(Given data)

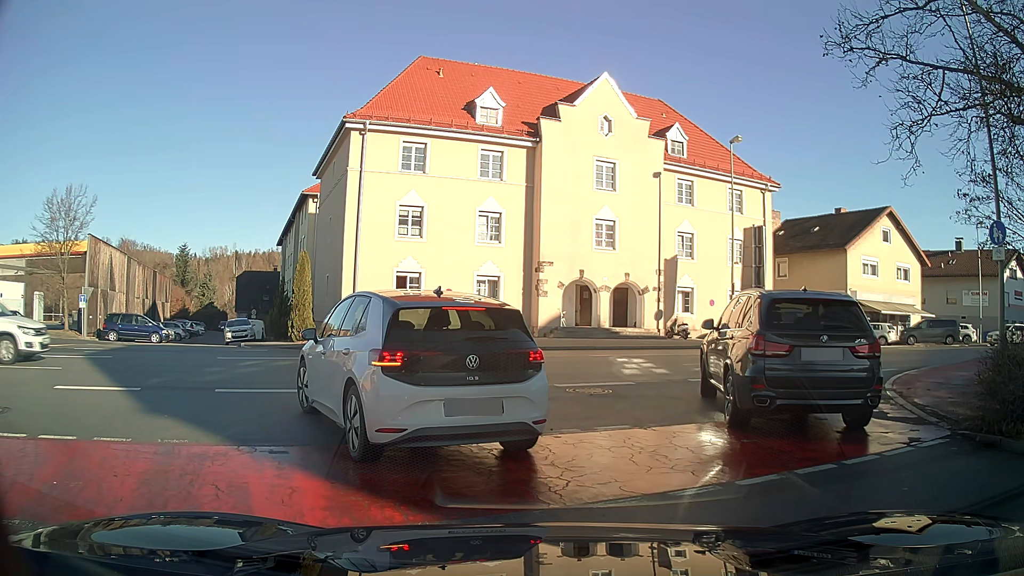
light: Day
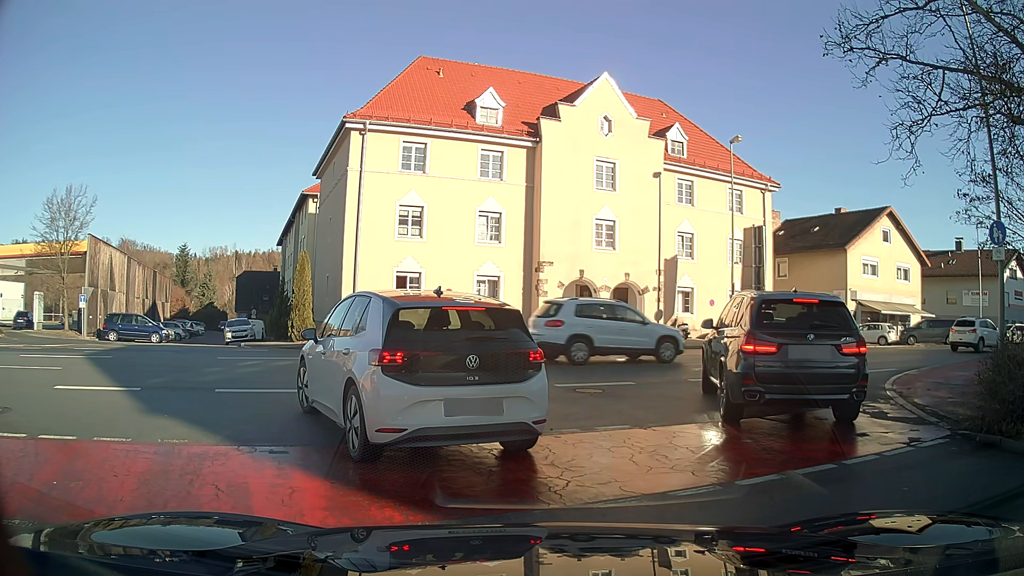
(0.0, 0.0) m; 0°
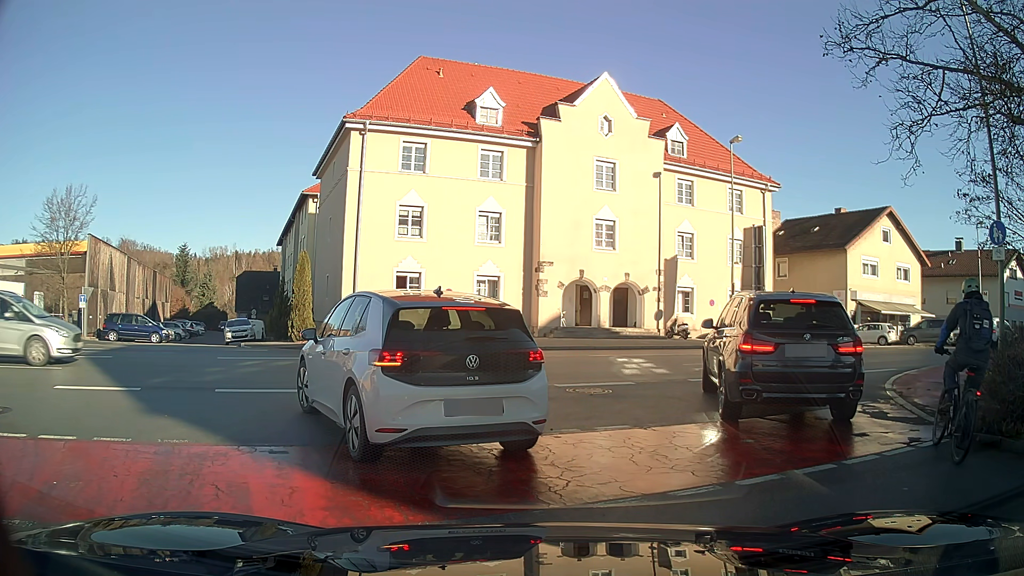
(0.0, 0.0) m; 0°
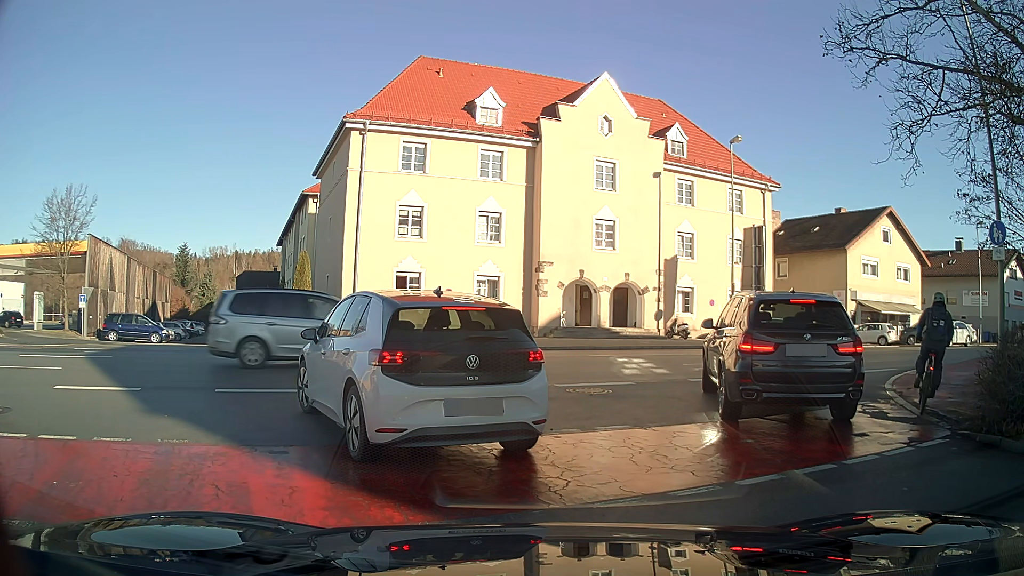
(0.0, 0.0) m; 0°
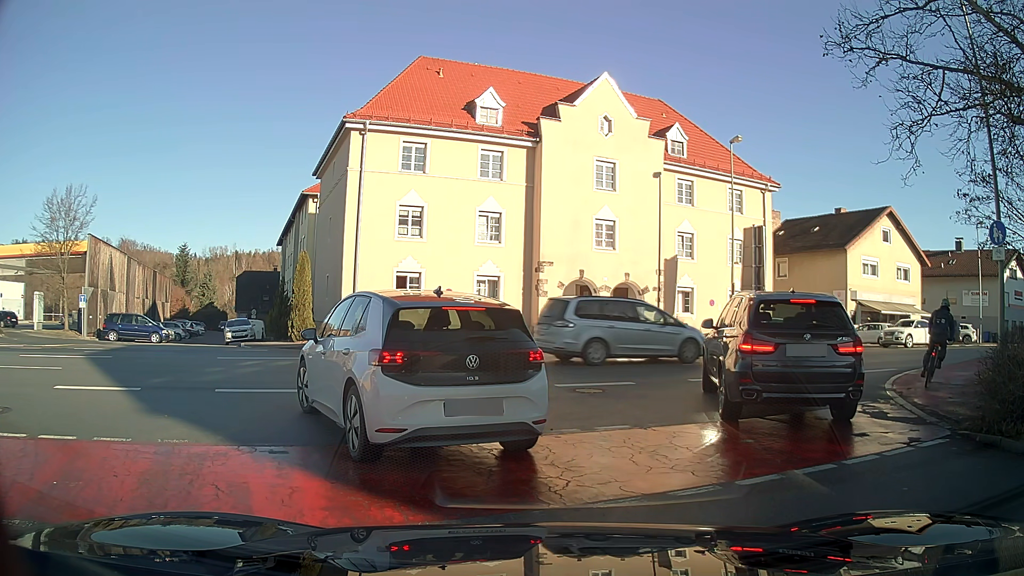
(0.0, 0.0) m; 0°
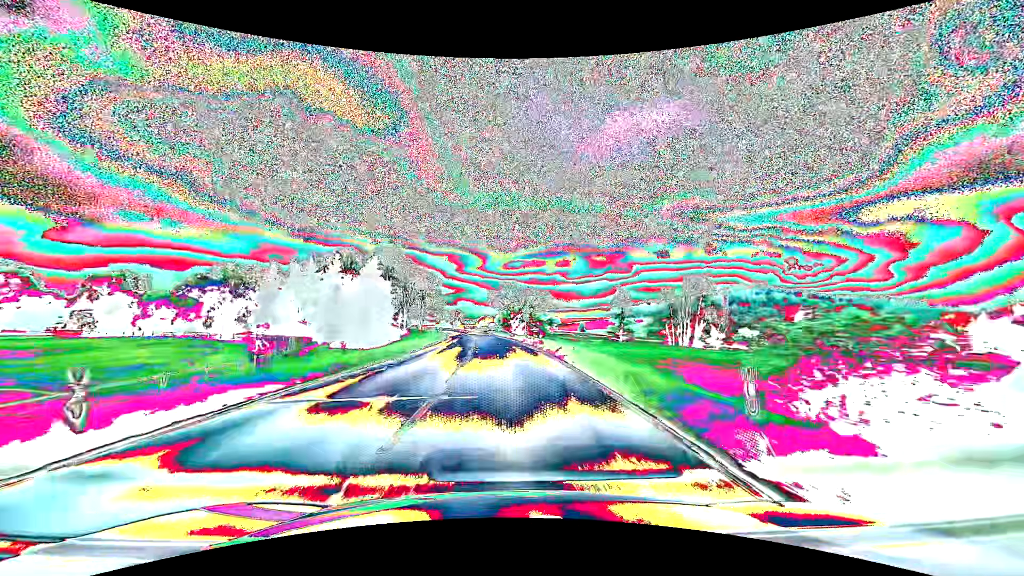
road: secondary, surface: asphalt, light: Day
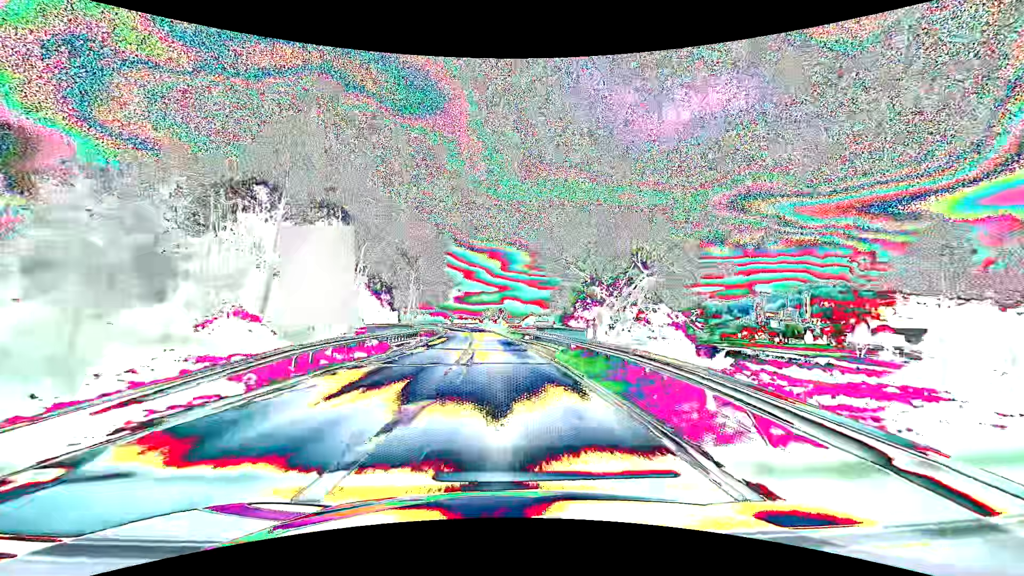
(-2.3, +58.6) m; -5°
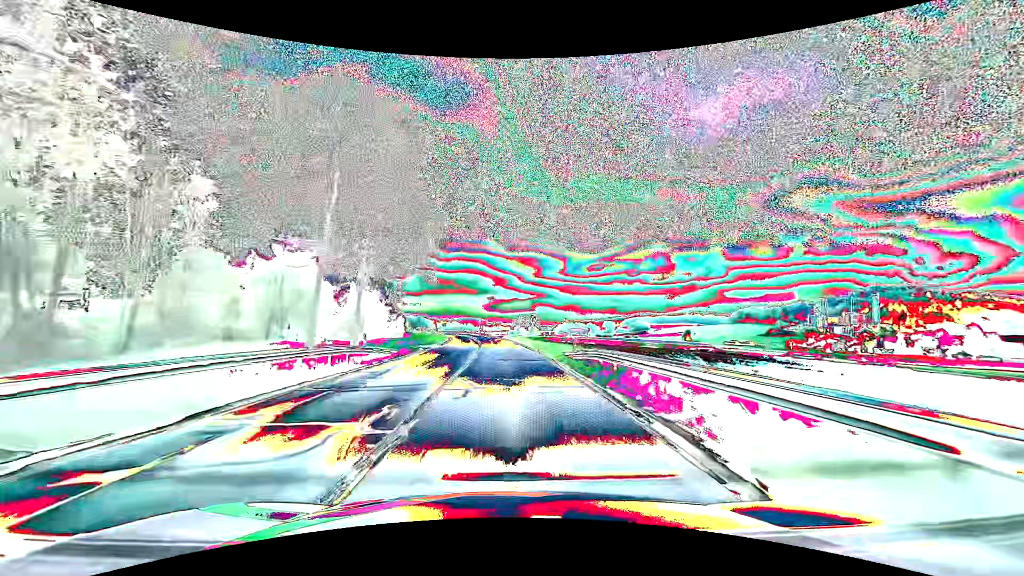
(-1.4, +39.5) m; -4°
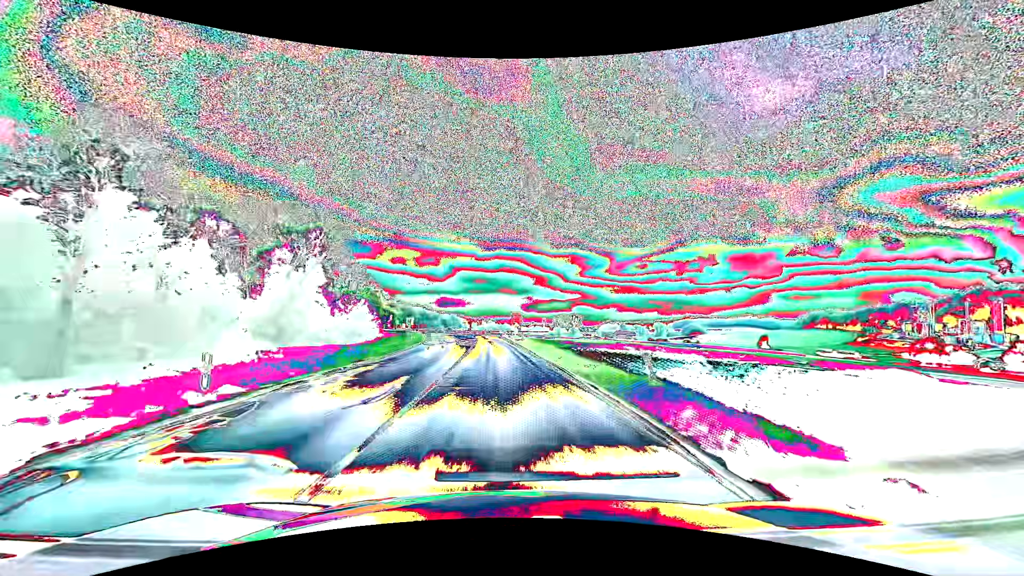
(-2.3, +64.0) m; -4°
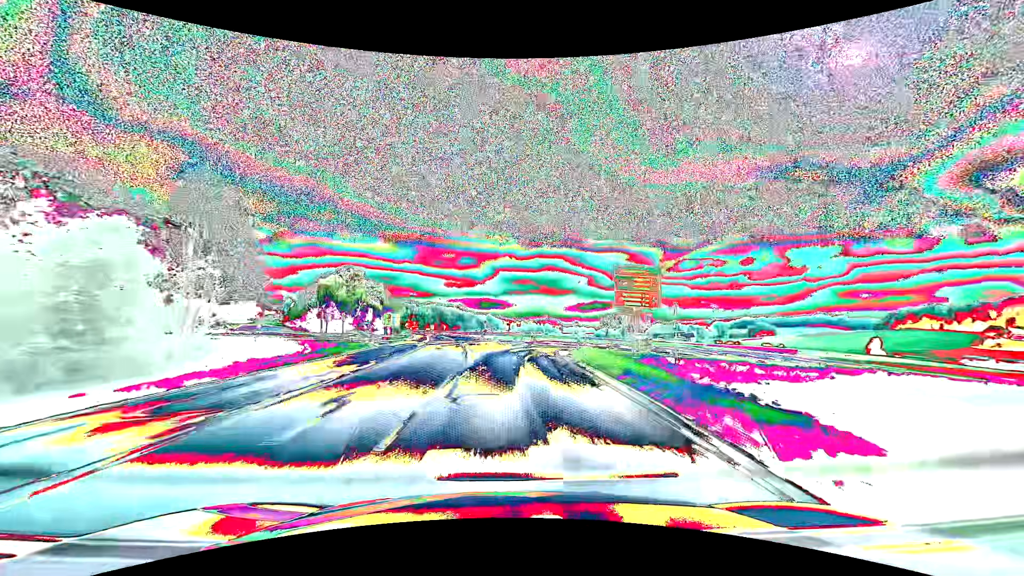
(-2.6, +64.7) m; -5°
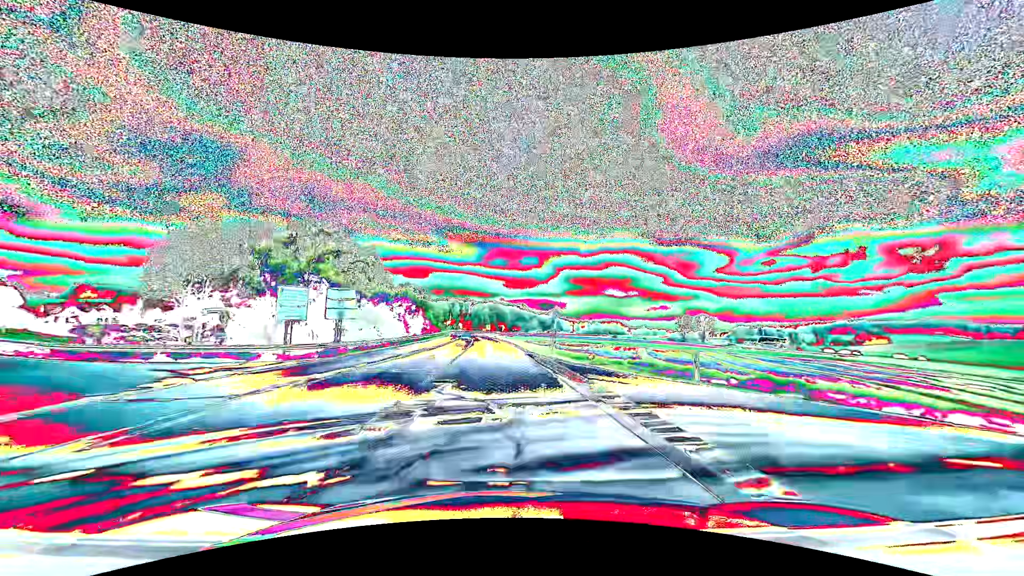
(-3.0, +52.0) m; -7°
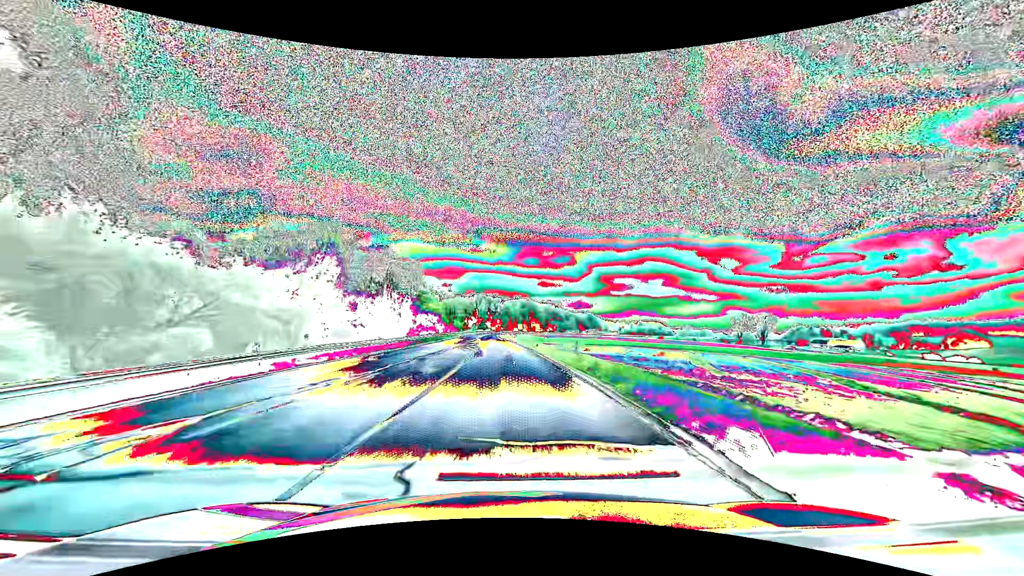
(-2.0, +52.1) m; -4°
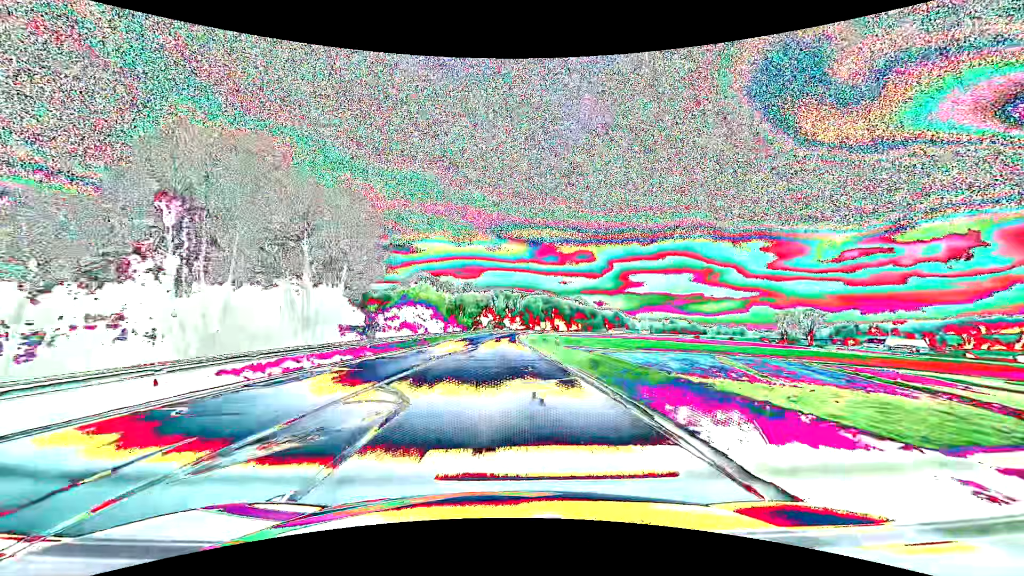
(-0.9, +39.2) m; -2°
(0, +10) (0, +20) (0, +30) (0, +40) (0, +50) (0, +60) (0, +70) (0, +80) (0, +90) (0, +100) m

(End Given data)

#### Your assignment
Which of the lines above hold the string "light"? Pick each of them out.

#### Your solution
light: Day
road: secondary, surface: asphalt, light: Day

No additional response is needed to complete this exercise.